Finalement, fabriqué à bas prix, l’opium se révèle un commerce bien plus juteux que le textile. En 1839, les revenus commerciaux de l’opium représentent 34% de ceux que la Couronne tire des Indes britanniques. Dès 1830, on évalue le nombre de drogués à 12,5 millions sur environ 400 millions de Chinois. Touchant d’abord les jeunes des familles riches cette consommation se propage surtout parmi la population masculine : 10-20 % des officiels du gouvernement central, 20-30 % des gouvernements locaux, 50-60 % des secrétaires privés et davantage encore au sein du personnel de service.
La progression des importations de caisses de 65 kilos donne une idée du trafic :
1762 : 200
1767 : 1 000
1817 : 4 228
1821 : 5 000
1828 : 18 000
1830 : 18 760
1832 : 20 000
1836 : 30 000
1839 : 40 000
Et très rapidement, l’abus d’opium ne détruit pas uniquement les institutions traditionnelles chinoises. Il est aussi un risque majeur pour la souveraineté de l’Empire, risque qui a cependant de longue date été identifié par les Chinois.
La réaction de l’Empire de Chine
Au début du 19ème siècle, l’empire chinois dirigé par la dynastie Mandchoue des Qing (d’origine Turco-Mongol-Toungouse) connaît un essor économique et démographique sans précédent (213 millions d’habitants en 1770, 332 en 1820, 410 en 1839), suivi cependant des premiers symptômes d’une crise économique et sociale importante. Les historiens évoquent la montée en puissance de la corruption, les excès de la centralisation et surtout les déséquilibres économiques engendrés par la concurrence défavorable entre l’économie chinoise fondée sur la monnaie argent et l’économie mondiale fondée sur la monnaie or contrôlée par les Occidentaux. La dépréciation constante de l’argent par rapport à l’or est en effet l’un des grands phénomènes dominant l’histoire de l’économie de l’Asie orientale aux XVIIIe et XIXe siècles. Cet empire à majorité Han gouverné par une minorité Mandchoue est de plus en plus difficile à contrôler. Les révoltes paysannes sont quasi-permanentes à cause de la famine, de la pression fiscale et des inégalités. Les mafias locales font régner la terreur et concentrent le pouvoir en l’absence d’un gouvernement incapable d’assumer ses responsabilités.

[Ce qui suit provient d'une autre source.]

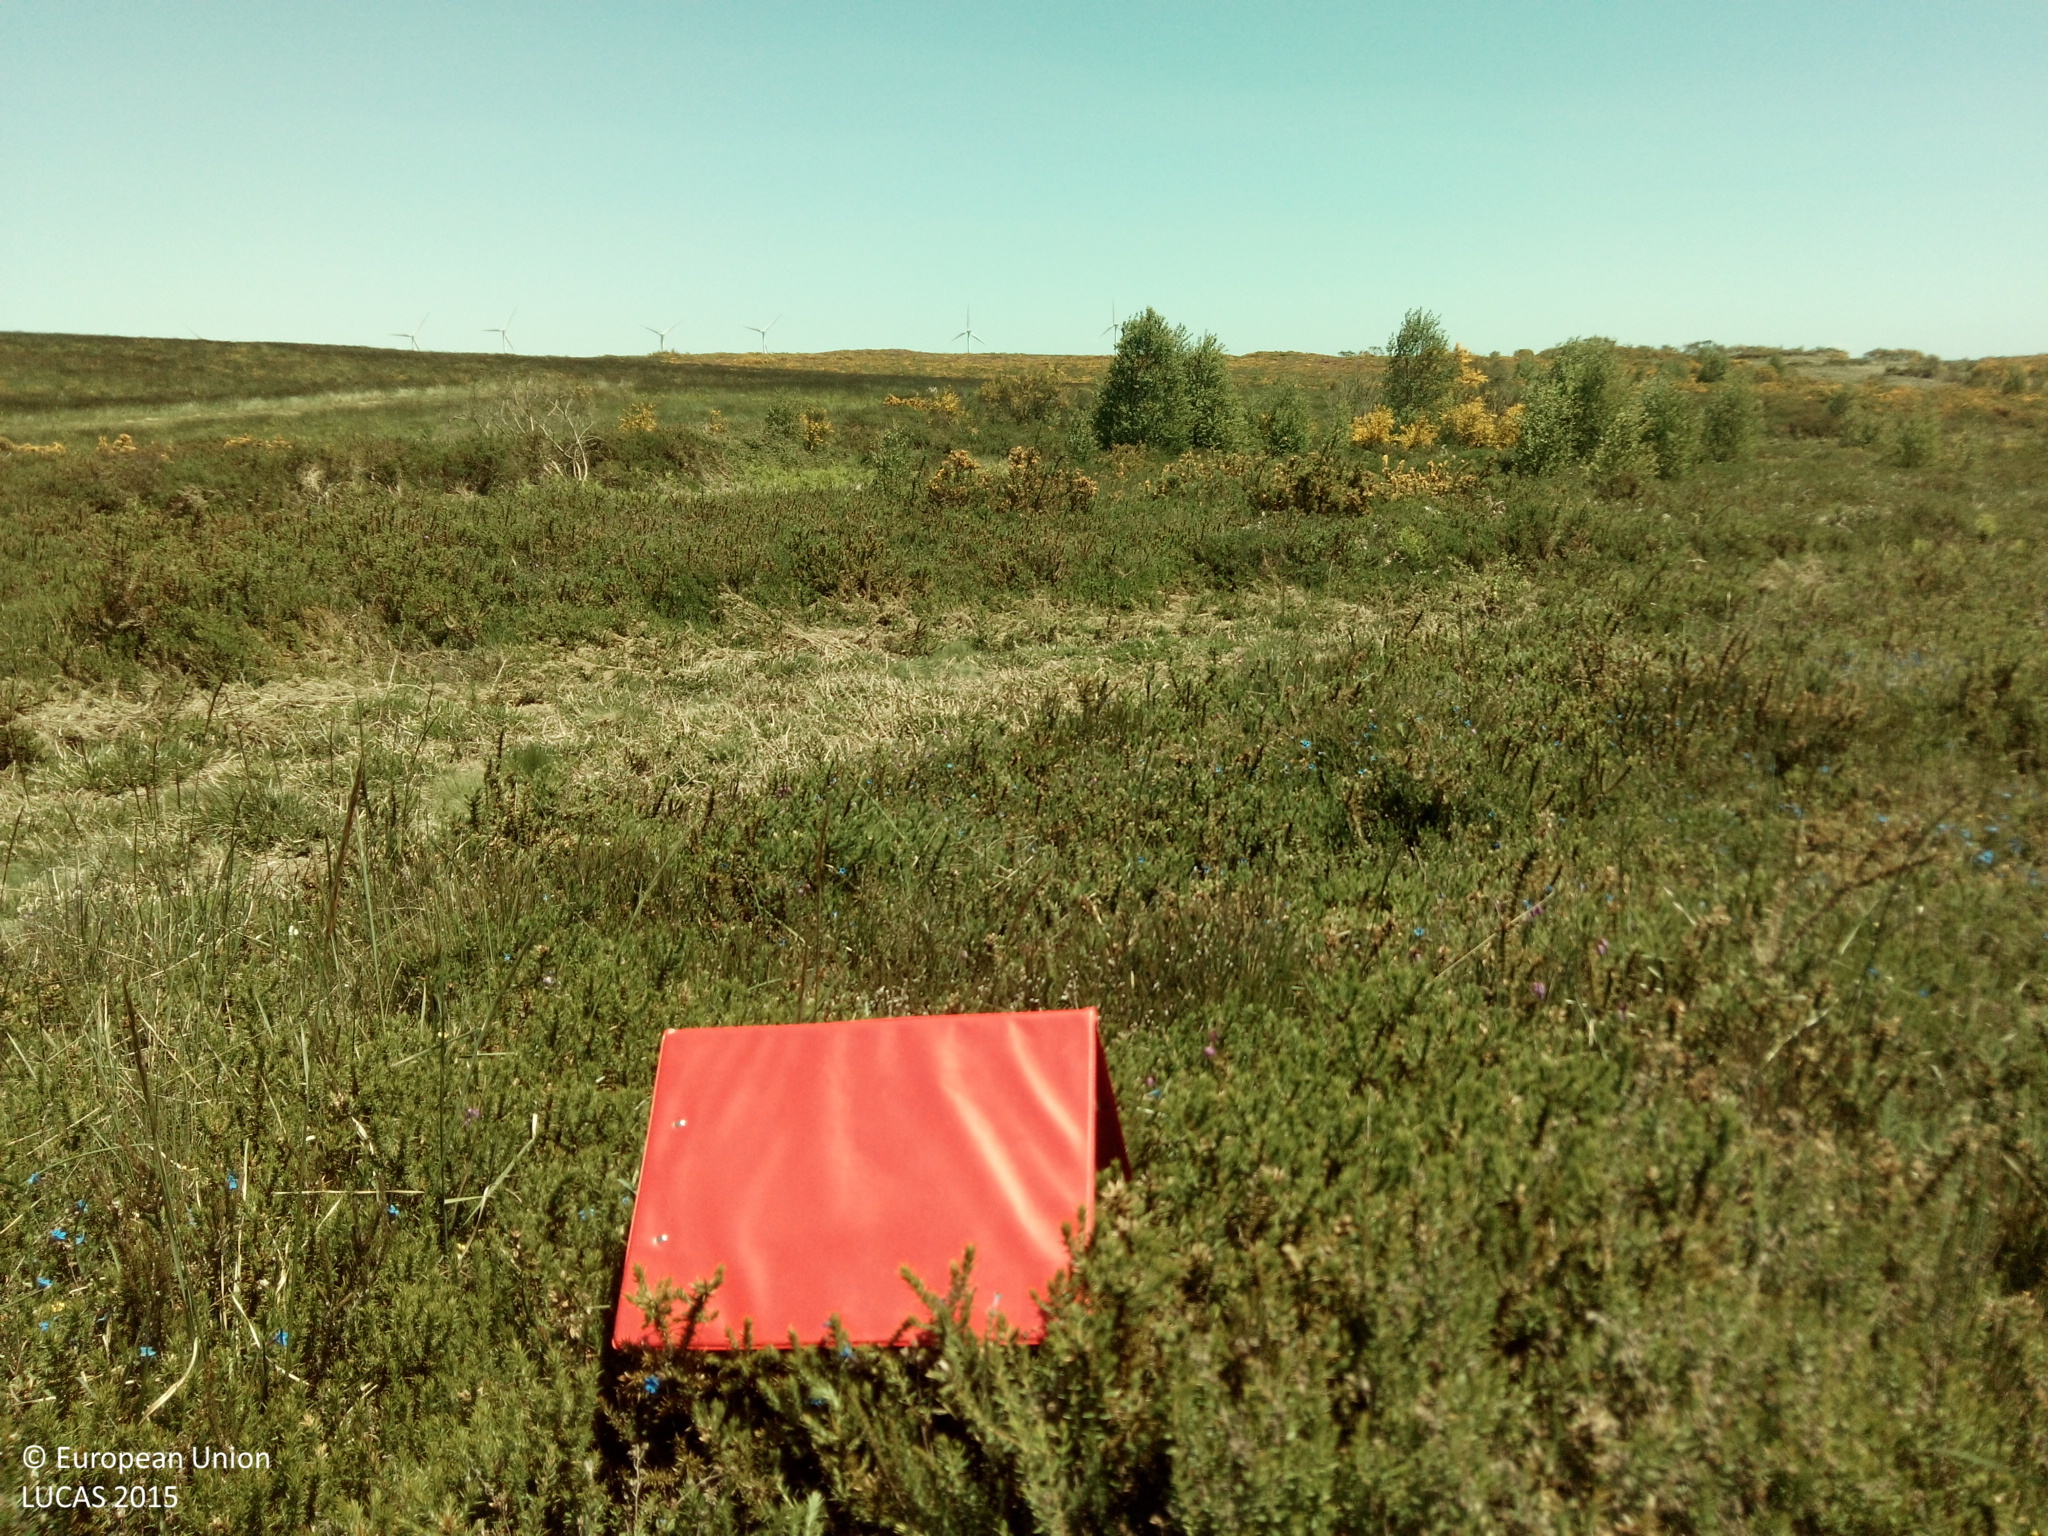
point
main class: Shrubland
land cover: Shrubland without tree cover
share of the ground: > 75 %
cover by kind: shrubs 100 %
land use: Semi-natural and natural areas not in use
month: May
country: ES
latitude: 42.6757
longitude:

L’opium est donc une fragilité de plus, parfaitement identifiée par le pouvoir central. Pourtant, le pays entier est interdit aux étrangers et les importations strictement encadrées. Seul Canton reste ouvert aux commerçants étrangers, à condition qu’ils se soumettent au Co-hong, cette guilde des marchands qui fixe à son gré les prix et les volumes. Dès 1729, l’empereur Yong-Zheng a en effet promulgué un édit interdisant l’importation de la drogue. Et de 1729 à 1836, l’administration impériale a émis près de quarante décrets contre l’opium.
En 1813, l’empereur Jiaqing découvre que nombre d’eunuques et d’officiers de sa Garde se livrent à l’opiomanie. La répression s’abat sans faiblesse sur leur tête.
Mais le pouvoir impérial, déjà très faible, se révèle en fin de compte incapable de lutter contre les narcotrafiquants britanniques. Les paysans tentent de lutter contre l’invasion étrangère. Malheureusement, le pouvoir impérial ne soutient pas leur effort, s’en remettre à de simples paysans pour rétablir l’ordre eût été un aveu de son impuissance.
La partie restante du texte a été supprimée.